Полностью ли себя исчерпала прежняя экономическая модель? Да. Мелочное руководство исчерпало. А на попытки сейчас искусственно расширить функции Центрального банка мы уже прореагировали в нашем журнале — там появилась статья (причем — студента) Гимирана Утенова «Шаг вперед или два шага назад?».
— В начале марта в Финансовом университете состоялась представительная международная научная конференция «Развитие современной России: проблемы воспроизводства и созидания». Как Вы оцениваете ее итоги? Какие предложения, мысли, идеи, которые были высказаны на конференции, показались Вам интересными и полезными?
— Это была пятая конференция. Я очень высоко оцениваю ее итоги. Мне кажется, растет авторитет. Дело в том, что в Высшей школе экономики уже давно проходят конференции, и я член оргкомитета. Но они классически либеральные. Сейчас Институт Гайдара и Академия народного хозяйства стали проводить конференции, но они тоже классически либеральные. Конференций альтернативных, с большей критикой, с большим приближением к реальным проблемам реальной экономики очень мало. И если Финансовый университет продолжит эту традицию, то мы можем стать центром, который не только позитивно оценивает или критикует с позиций «правых», но и с позиций «левых».

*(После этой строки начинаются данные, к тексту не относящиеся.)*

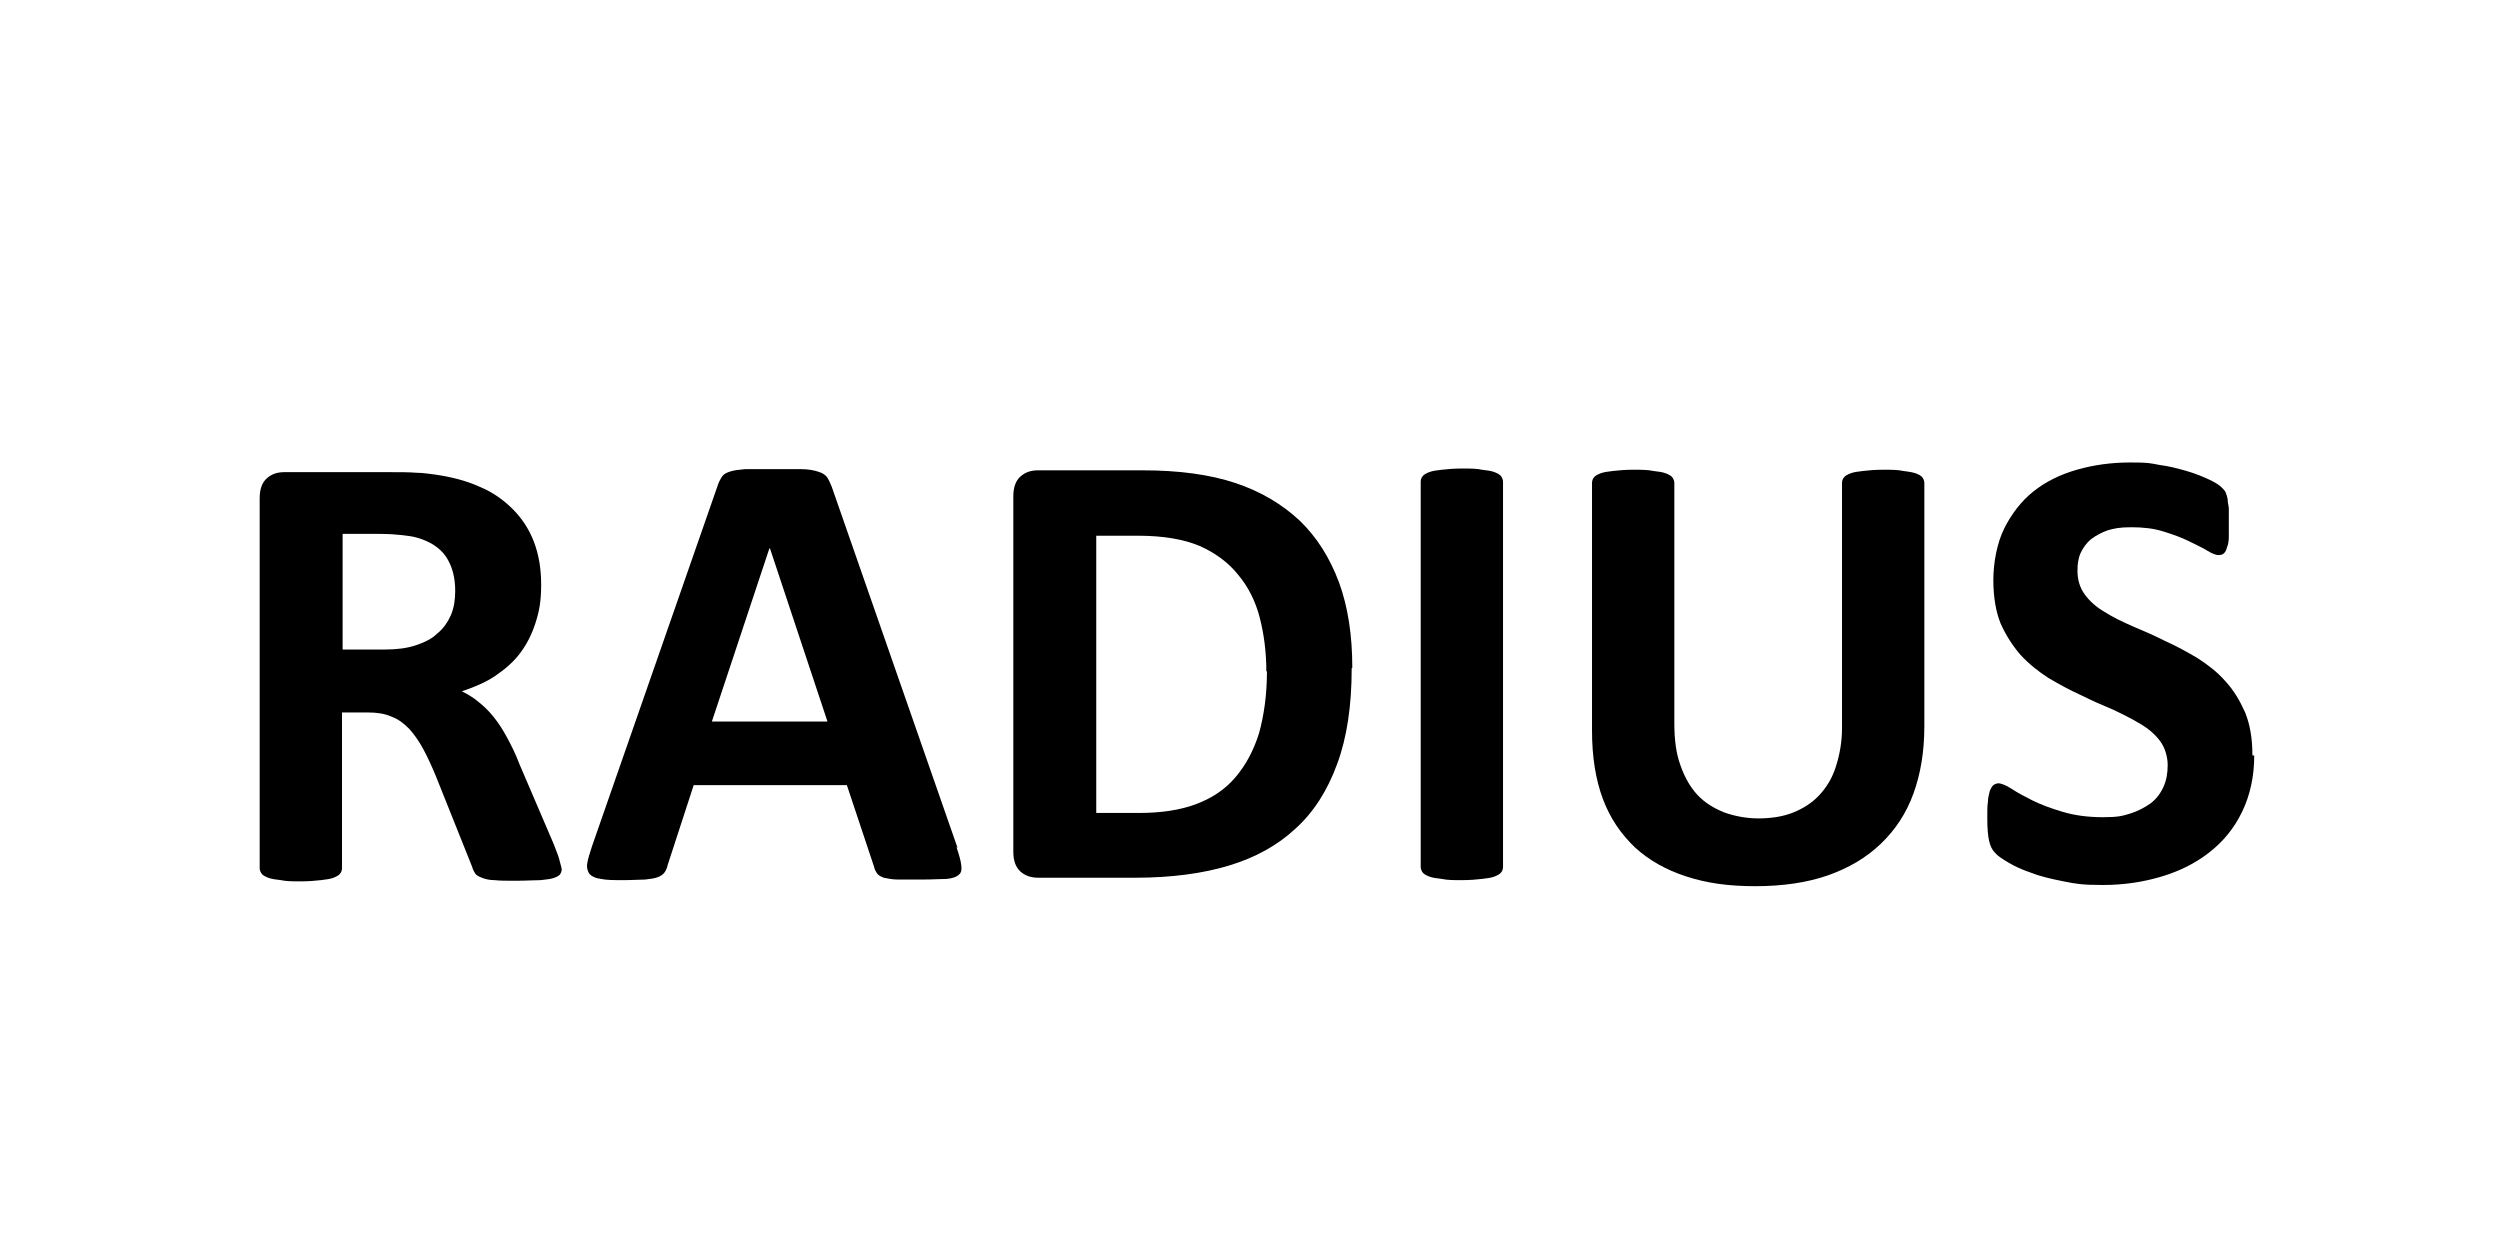<?xml version="1.0" encoding="UTF-8"?><svg xmlns="http://www.w3.org/2000/svg" id="Layer_1" version="1.1" viewBox="0 0 413 208"><path d="M92.8,143.3c0,.4,0,.7-.2,1-.1.3-.5.5-1,.7-.5.2-1.3.3-2.3.4-1,0-2.4.1-4.1.1s-2.6,0-3.5-.1c-.9,0-1.6-.2-2.1-.4-.5-.2-.9-.4-1.1-.7s-.4-.7-.5-1.1l-6-15c-.7-1.7-1.4-3.2-2.1-4.5-.7-1.3-1.5-2.4-2.3-3.3-.9-.9-1.8-1.6-2.9-2-1.1-.5-2.4-.7-3.9-.7h-4.3v25.7c0,.3-.1.7-.3.9-.2.3-.6.5-1.1.7-.5.2-1.2.3-2.1.4-.9.1-2,.2-3.3.2s-2.4,0-3.3-.2c-.9-.1-1.6-.2-2.1-.4-.5-.2-.9-.4-1.1-.7-.2-.3-.3-.6-.3-.9v-61.1c0-1.5.4-2.6,1.2-3.3.8-.7,1.7-1,2.9-1h17.4c1.8,0,3.2,0,4.4.1,1.1,0,2.2.2,3.1.3,2.7.4,5.1,1,7.3,2,2.2.9,4,2.2,5.5,3.7s2.7,3.3,3.5,5.4c.8,2.1,1.2,4.4,1.2,7.1s-.3,4.3-.9,6.2c-.6,1.9-1.4,3.5-2.5,5-1.1,1.5-2.5,2.7-4.1,3.8-1.6,1.1-3.5,1.9-5.6,2.6,1,.5,2,1.1,2.8,1.8.9.7,1.7,1.5,2.5,2.5.8,1,1.5,2.1,2.2,3.4.7,1.3,1.4,2.7,2,4.3l5.7,13.3c.5,1.3.9,2.3,1,2.9.2.6.3,1.1.3,1.4ZM75.2,97.6c0-2.2-.5-4.1-1.5-5.6-1-1.5-2.7-2.6-4.9-3.2-.7-.2-1.5-.3-2.4-.4-.9-.1-2.1-.2-3.7-.2h-6.1v19.1h7c1.9,0,3.6-.2,5.1-.7,1.5-.5,2.7-1.1,3.6-2,1-.8,1.7-1.9,2.2-3,.5-1.2.7-2.5.7-4Z"/><path d="M158,139.9c.4,1.2.7,2.2.8,3s0,1.3-.4,1.6c-.4.4-1.1.6-2,.7-1,0-2.3.1-4,.1s-3.1,0-4.1,0c-1,0-1.7-.2-2.3-.3-.5-.2-.9-.4-1.1-.7-.2-.3-.4-.6-.5-1.1l-4.5-13.5h-25.3l-4.3,13.2c-.1.5-.3.9-.5,1.2-.2.3-.6.6-1.1.8-.5.2-1.2.3-2.1.4-.9,0-2.1.1-3.6.1s-2.8,0-3.7-.2c-.9-.1-1.5-.4-1.9-.8-.3-.4-.5-1-.4-1.7.1-.7.4-1.7.8-2.9l20.8-59.7c.2-.6.5-1.1.7-1.4.3-.4.7-.6,1.3-.8.6-.2,1.4-.3,2.5-.4,1.1,0,2.5,0,4.3,0s3.7,0,4.9,0c1.2,0,2.2.2,2.8.4.7.2,1.2.5,1.5.9.3.4.5.9.8,1.6l20.8,59.7ZM127.1,90.6h0l-9.5,28.6h19.1l-9.5-28.6Z"/><path d="M223.3,110.4c0,6.2-.8,11.5-2.4,15.8-1.6,4.4-3.9,8-6.9,10.7-3,2.8-6.7,4.8-11,6.1s-9.5,2-15.4,2h-16.1c-1.1,0-2.1-.3-2.9-1-.8-.7-1.2-1.8-1.2-3.3v-58.7c0-1.5.4-2.6,1.2-3.3.8-.7,1.7-1,2.9-1h17.3c6,0,11.1.7,15.3,2.1,4.2,1.4,7.7,3.5,10.6,6.2,2.9,2.8,5,6.2,6.5,10.2,1.5,4.1,2.2,8.8,2.2,14.1ZM209.2,110.9c0-3.2-.4-6.2-1.1-8.9-.7-2.7-1.9-5.1-3.6-7.1-1.6-2-3.8-3.6-6.3-4.7-2.6-1.1-6-1.7-10.2-1.7h-6.9v45.8h7.1c3.7,0,6.9-.5,9.5-1.5,2.6-1,4.7-2.4,6.4-4.4,1.7-2,3-4.4,3.9-7.3.8-2.9,1.3-6.3,1.3-10.2Z"/><path d="M248.3,143.2c0,.3-.1.7-.3.9-.2.3-.6.5-1.1.7-.5.2-1.2.3-2.1.4-.9.1-2,.2-3.3.2s-2.4,0-3.3-.2c-.9-.1-1.6-.2-2.1-.4-.5-.2-.9-.4-1.1-.7-.2-.3-.3-.6-.3-.9v-63.6c0-.3.1-.7.3-.9.2-.3.6-.5,1.1-.7.5-.2,1.2-.3,2.1-.4.9-.1,2-.2,3.3-.2s2.5,0,3.3.2c.9.1,1.6.2,2.1.4.5.2.9.4,1.1.7.2.3.3.6.3.9v63.6Z"/><path d="M317.9,120c0,4.1-.6,7.8-1.8,11.1-1.2,3.3-3,6-5.4,8.3-2.4,2.3-5.3,4-8.7,5.2s-7.5,1.8-12,1.8-8-.5-11.4-1.6-6.2-2.7-8.5-4.8c-2.3-2.2-4.1-4.8-5.3-8-1.2-3.2-1.8-7-1.8-11.3v-40.9c0-.3.1-.7.3-.9.2-.3.6-.5,1.1-.7.5-.2,1.2-.3,2.1-.4.9-.1,2-.2,3.3-.2s2.4,0,3.3.2c.9.1,1.6.2,2.1.4.5.2.9.4,1.1.7.2.3.3.6.3.9v39.7c0,2.7.3,5,1,6.9.7,2,1.6,3.6,2.8,4.9s2.7,2.2,4.4,2.9c1.7.6,3.6,1,5.7,1s4.1-.3,5.8-1c1.7-.7,3.1-1.6,4.3-2.9,1.2-1.3,2.1-2.8,2.7-4.7.6-1.9,1-4,1-6.3v-40.5c0-.3.1-.7.3-.9.2-.3.6-.5,1.1-.7.5-.2,1.2-.3,2.1-.4.9-.1,2-.2,3.3-.2s2.4,0,3.3.2c.8.1,1.5.2,2.1.4.5.2.9.4,1.1.7.2.3.3.6.3.9v40.4Z"/><path d="M372.4,124.8c0,3.5-.7,6.6-2,9.3-1.3,2.7-3.1,4.9-5.4,6.7-2.3,1.8-4.9,3.1-7.9,4s-6.2,1.4-9.7,1.4-4.5-.2-6.5-.6c-2-.4-3.8-.8-5.3-1.4-1.5-.5-2.8-1.1-3.8-1.7s-1.8-1.1-2.2-1.6c-.5-.5-.8-1.1-1-2-.2-.8-.3-2.1-.3-3.7s0-2,.1-2.7c0-.7.2-1.3.3-1.8.2-.5.4-.8.6-1,.3-.2.6-.3.9-.3s1.2.3,2.1.9c.9.6,2,1.2,3.4,1.9,1.4.7,3,1.3,5,1.9s4.2.9,6.7.9,3.2-.2,4.5-.6c1.3-.4,2.4-1,3.4-1.7.9-.7,1.6-1.6,2.1-2.7.5-1.1.7-2.3.7-3.6s-.4-2.8-1.2-3.9c-.8-1.1-1.9-2.1-3.3-2.9-1.3-.8-2.9-1.6-4.6-2.4-1.7-.7-3.5-1.5-5.3-2.4-1.8-.8-3.6-1.8-5.3-2.8-1.7-1.1-3.2-2.3-4.6-3.8-1.3-1.5-2.4-3.2-3.3-5.2-.8-2-1.2-4.4-1.2-7.2s.6-6.1,1.8-8.5c1.2-2.4,2.8-4.5,4.8-6.1,2-1.6,4.4-2.8,7.2-3.6,2.8-.8,5.7-1.2,8.8-1.2s3.2.1,4.8.4c1.6.2,3.1.6,4.5,1,1.4.4,2.6.9,3.7,1.4,1.1.5,1.8,1,2.1,1.3s.6.6.7.9c.1.2.2.6.3,1,0,.4.1.9.2,1.5,0,.6,0,1.4,0,2.3s0,1.9,0,2.5-.1,1.3-.3,1.7c-.1.5-.3.8-.5,1-.2.2-.5.3-.9.3s-1-.2-1.8-.7c-.8-.5-1.9-1-3.1-1.6s-2.6-1.1-4.2-1.6c-1.6-.5-3.3-.7-5.3-.7s-2.8.2-3.9.5c-1.1.4-2,.9-2.8,1.5-.7.6-1.3,1.4-1.7,2.3-.4.9-.5,1.9-.5,2.9,0,1.5.4,2.8,1.2,3.9.8,1.1,1.9,2.1,3.3,2.9,1.4.9,2.9,1.6,4.7,2.4,1.7.7,3.5,1.5,5.3,2.4,1.8.8,3.6,1.8,5.3,2.8,1.7,1.1,3.3,2.3,4.6,3.8,1.4,1.5,2.4,3.2,3.3,5.2.8,2,1.2,4.3,1.2,7.1Z"/></svg>

Более того, приятно отметить: на последней конференции было много конкретных секций. Это не только общетеоретическая дискуссия, которой было посвящено пленарное заседание, но и очень интересные секции, затрагивающие вполне конкретные проблемы. Очень интересная была секция, например, у Марины Александровны Абрамовой по банкам. Чрезвычайно интересные секции были, посвященные инновационной политике, международным экономическим отношениям. Получилось, что довольно активно стали участвовать кафедры нашего замечательного университета. И это, конечно, будет прекрасным смотром.
Другое дело, что нужно ее делать двух-, а может и трехдневную конференцию. Конечно, это тяжело — и с физической, и с иной точки зрения, но собирается такое большое количество ученых! «Вышкинская» конференция неделю проходит, «гайдаровская» — тоже почти неделю. Единственное, что мне кажется, надо жестче подходить к докладам.Что у нас получилось в этом году? Докладов прислали много, но только половина авторов, приславших доклады, выступили.
Еще мне кажется, что надо немного больше внимания уделять дискутантам, т. е. обсуждению представленных докладов.
Вообще, много было любопытных идей, и надо разрабатывать позитивную проблему воспроизводства и созидания как альтернативу. А когда собирается такой солидный форум — это очень важно, потому что, если мы не будем заявлять о себе, наш голос не будет услышан.